A bridge is built in the shape of a semi elliptical arch. It has a span of 96 feet. The height of the arch 29 feet from the center is to be 10 feet. Find the height of the arch at its center.
the semi-axis along the base is 48, so we have
x^2/48^2 + y^2/b^2 = 1
The curve contains (29,10), so
29^2/48^2 + 10^2/b^2 = 1
b = 12.55
An archway that is above a highway is in the shape of semi ellipse 60ft wide and 25 ft high. How high is the archway 10 ft away from the center?
To find the height of the arch at its center, we can use the formula for the equation of a semi-ellipse:
y = b * sqrt(1 - (x^2 / a^2))
Where:
- x is the horizontal distance from the center
- y is the vertical distance from the center
- a is the distance from the center to the end of the semi-ellipse (span / 2)
- b is the height of the arch at a distance of 29 feet
Given:
- Span = 96 feet
- Height at 29 feet = 10 feet
First, we find the value of b using the given information:
b = height at 29 feet = 10 feet
Then, we find the value of a:
a = span / 2 = 96 / 2 = 48 feet
Now, we can substitute the values into the equation to find the height at the center (x = 0):
y = b * sqrt(1 - (x^2 / a^2))
y = 10 * sqrt(1 - (0^2 / 48^2))
y = 10 * sqrt(1 - 0)
y = 10 * sqrt(1)
y = 10 * 1
y = 10 feet
Therefore, the height of the arch at its center is 10 feet.
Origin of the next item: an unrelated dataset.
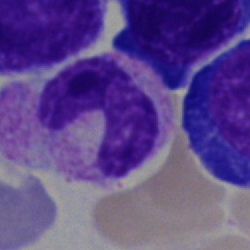{"cell_type": "stab cell"}

To find the height of the arch at its center, we can use the equation of a semi-ellipse.
The equation for a vertical semi-ellipse can be written as:
(x – h)^2 / a^2 + (y – k)^2 / b^2 = 1
In this case, the semi-ellipse represents the shape of the bridge arch. The center of the semi-ellipse is at the point (h, k), and a and b represent the horizontal and vertical semi-major and semi-minor axes, respectively.
Since the bridge has a span of 96 feet, which is the horizontal diameter of the semi-ellipse, we can conclude that 2a = 96, and thus a = 48.
The height of the arch 29 feet from the center is given as 10 feet. This point lies on the semi-ellipse. Let's call this point (x1, y1), where x1 = 29. Plugging these values into the equation of the semi-ellipse, we get:
(29 – h)^2 / (48)^2 + (10 – k)^2 / b^2 = 1
Now, we can find the value of b by solving for it using the given point on the semi-ellipse. Rearranging the equation, we have:
b^2 = [(29 – h)^2 / (48)^2] / [1 – (10 – k)^2 / b^2]
Multiplying both sides by b^2 and rearranging, we get:
b^4 - b^2 * (10 - k)^2 = (29 - h)^2 / (48)^2 * b^2
b^4 - b^2 * (10 - k)^2 - (29 - h)^2 / (48)^2 * b^2 = 0
This is a quadratic equation in terms of b^2. Solving it will give us two possible values for b^2. However, we can eliminate the negative value since b represents a length, which cannot be negative.
Once we have the value of b, we can find the height of the arch at its center, which is the value of k, by substituting the known values back into the semi-ellipse equation.
Please provide the values of h and k in order to solve the equation and find the height of the arch at its center.